Yup, we got rich as a nation riding on the security that the British navy gave our trading ships. And now others are doing the same on the back of our navy. But i think we are the ones with the most to lose, so accepting the cost is the less bad alternative.
Matya no baka
Matya, I’m not so sure. I agree that the US benefitted greatly as a trading nation from the Pax Britanicca imposed by the Royal Navy.
But consider this. The EU nations have a larger population and larger combined GNP than the US. As long as the US continues to coddle them they can continue to play the part of the irresponsible, self-indulgent, defiant child. Removing their safety blanket will force them to grow up. They will be forced to take the security of their region far more seriously. It’s far more likely they will realize that they’re better off allied with the US than in opposition.
Australia and Japan are completely capable of patrolling the eastern Pacific and putting down piracy. Coddling them only infantalizes them. I’d rather have strong partners than weak dependents.
Michael, sure they have a larger population and combined GNP, but we have a more efficient economy and better demographics. Coddling is not something we want to do. But how long would the transition period be, between when we pare back the navy and Europe grows up and smells the coffee? When not picking up their part of the burden hurts us more than it does them, and they are struggling to deal with pensions?
Maybe finally moving significant numbers of ground troops out of Europe will get that process started. That would be a nice result.
Matya no baka
Maty sez:
“Yup, we got rich as a nation riding on the security that the British navy gave our trading ships. And now others are doing the same on the back of our navy. But i think we are the ones with the most to lose, so accepting the cost is the less bad alternative.”

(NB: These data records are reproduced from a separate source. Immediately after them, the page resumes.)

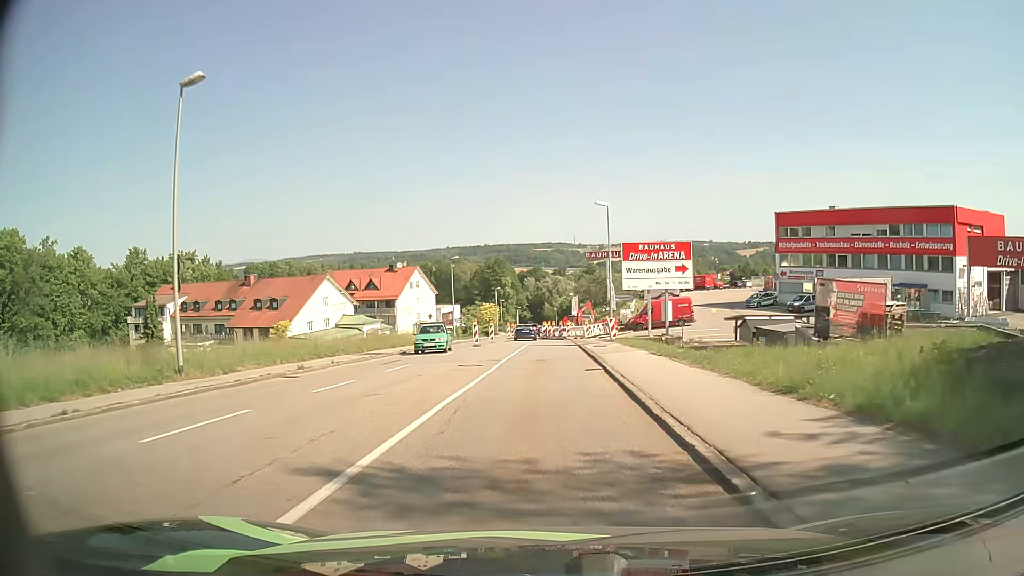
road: tertiary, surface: asphalt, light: Day
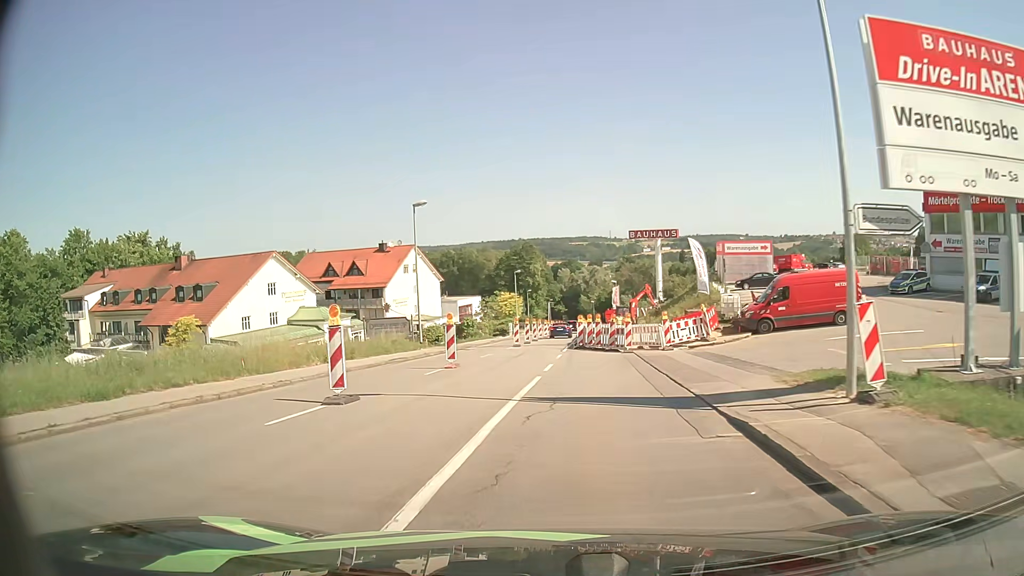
(-0.1, +29.2) m; -3°
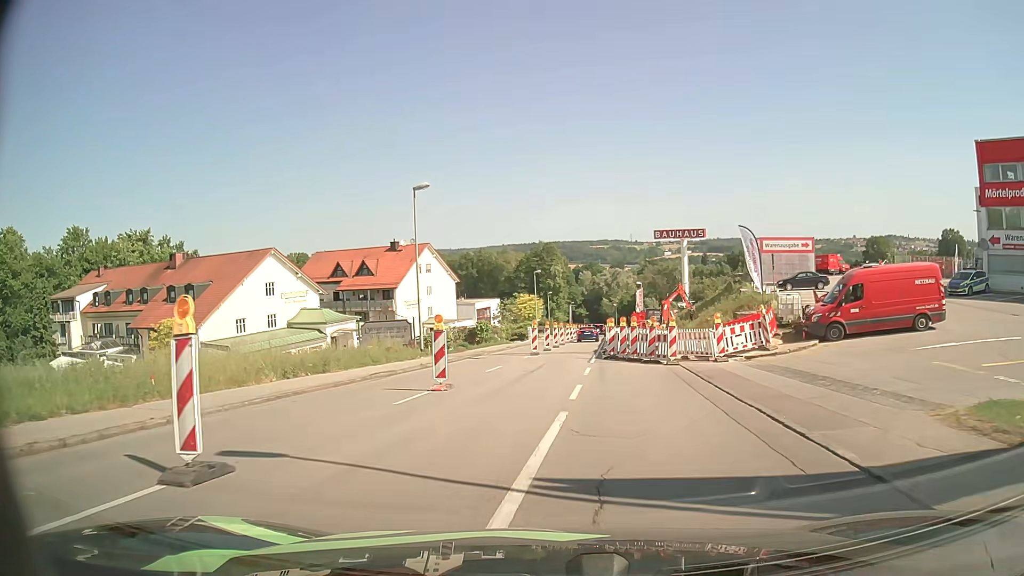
(-0.1, +5.7) m; -2°
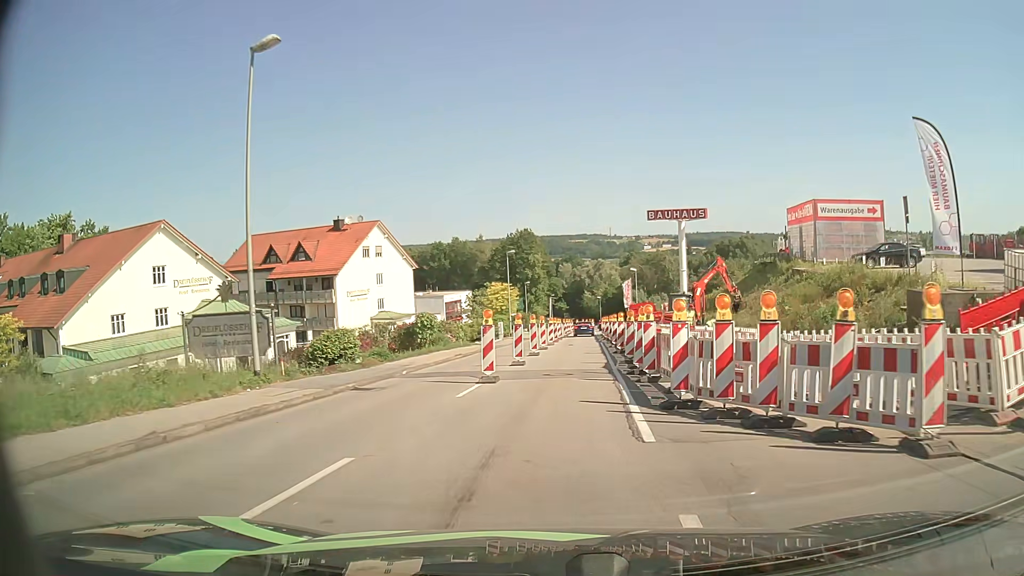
(+0.3, +17.0) m; +2°
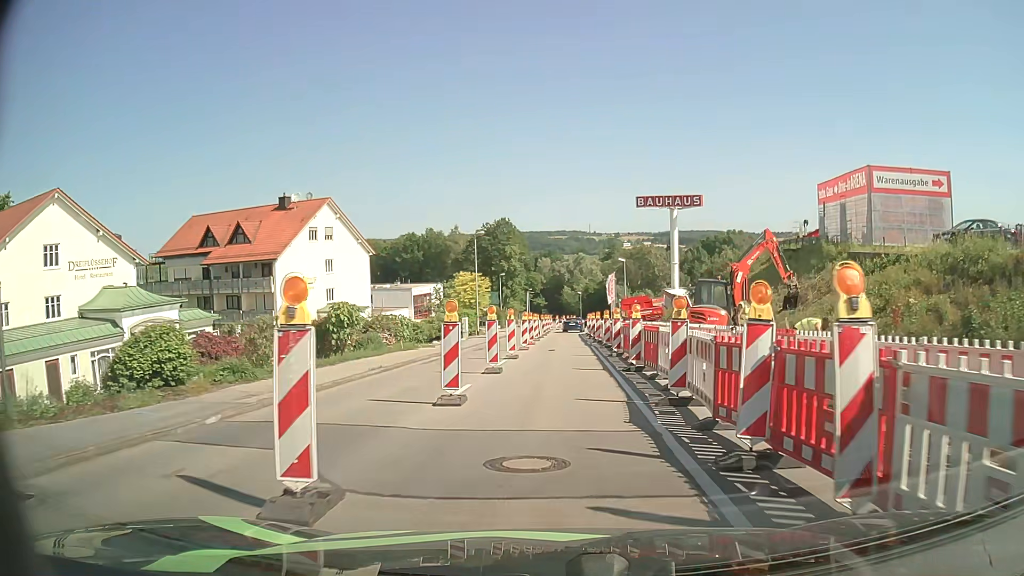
(+0.2, +10.7) m; +2°
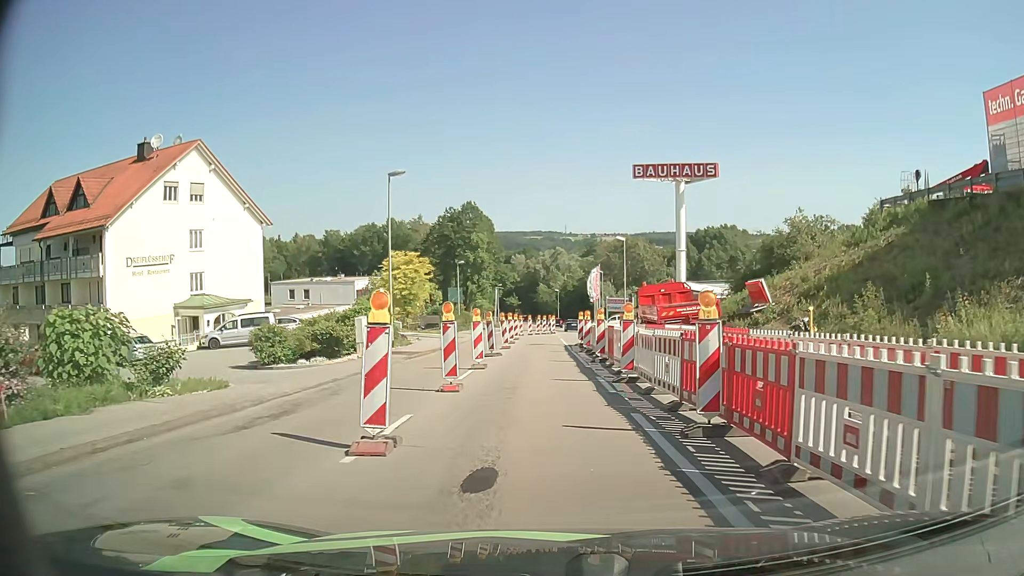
(+0.5, +22.1) m; +2°
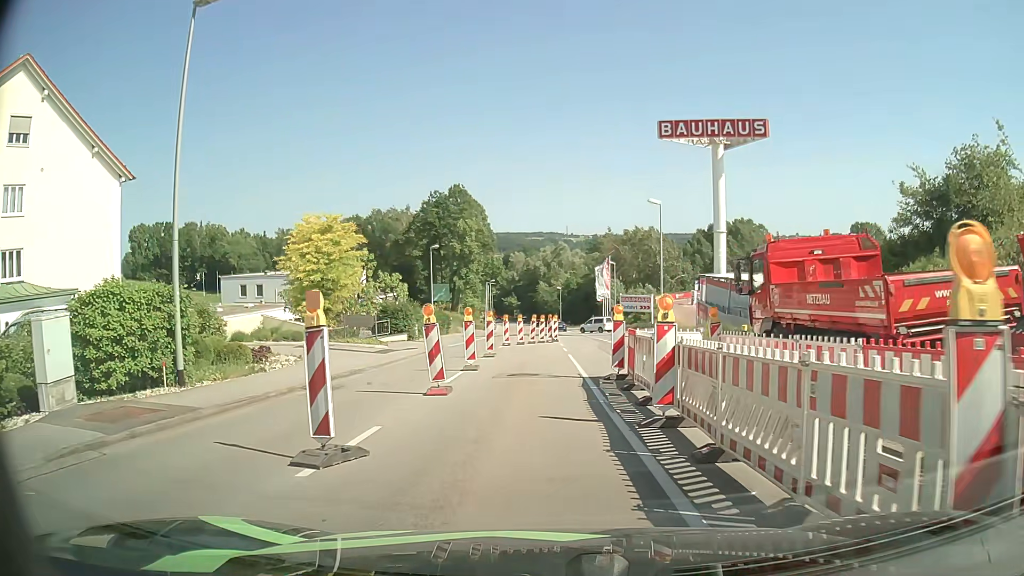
(+0.1, +18.5) m; 0°
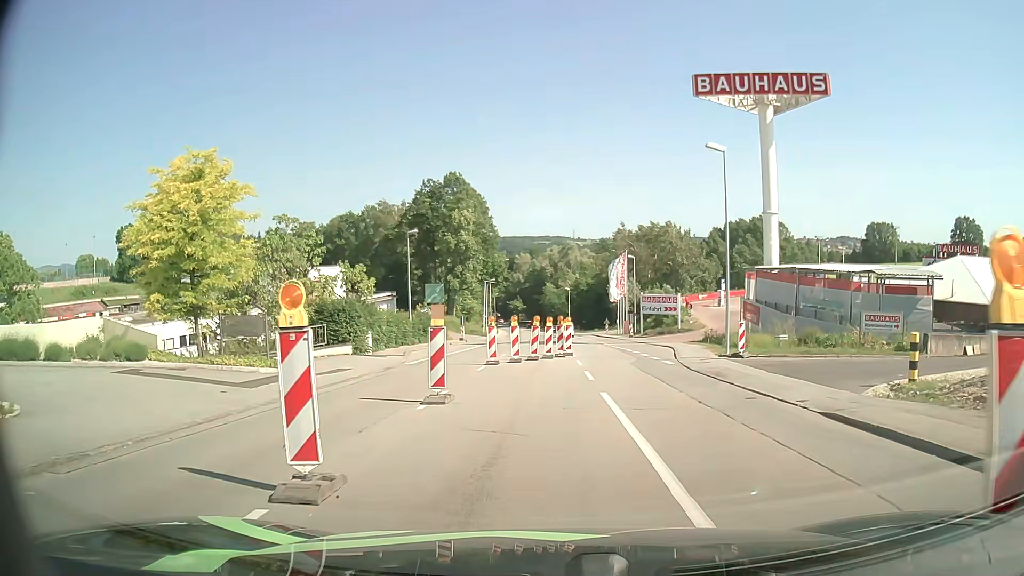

Unfortunately that’s just not true. We have provided our own protection since 1813 when we created a permanent Med squadron to deal with the barbary pirates. Other than that it was “at your own risk.” If you were providing protection to another country at that time it was as the colonial ruler of that country or its patron. It really is time for us to not provide the sea protection for other countries that are well enough developed to provide it themselves. After WWII we did the protecting because we were the only game in town and provided cover for Europe and Japan to redevelop. They have redeveloped and it is time to leave.
Also:
There really is no threat except terrorism for Europe. In the Pacific all the countries have to deal with China and our pulling out of Japan and Korea may encourage them to seek bilateral treaties spelling out how they will deal with the China threat with no US there. Its not like the US is leaving. The Pacific will still be an area of intense crutiny for the US.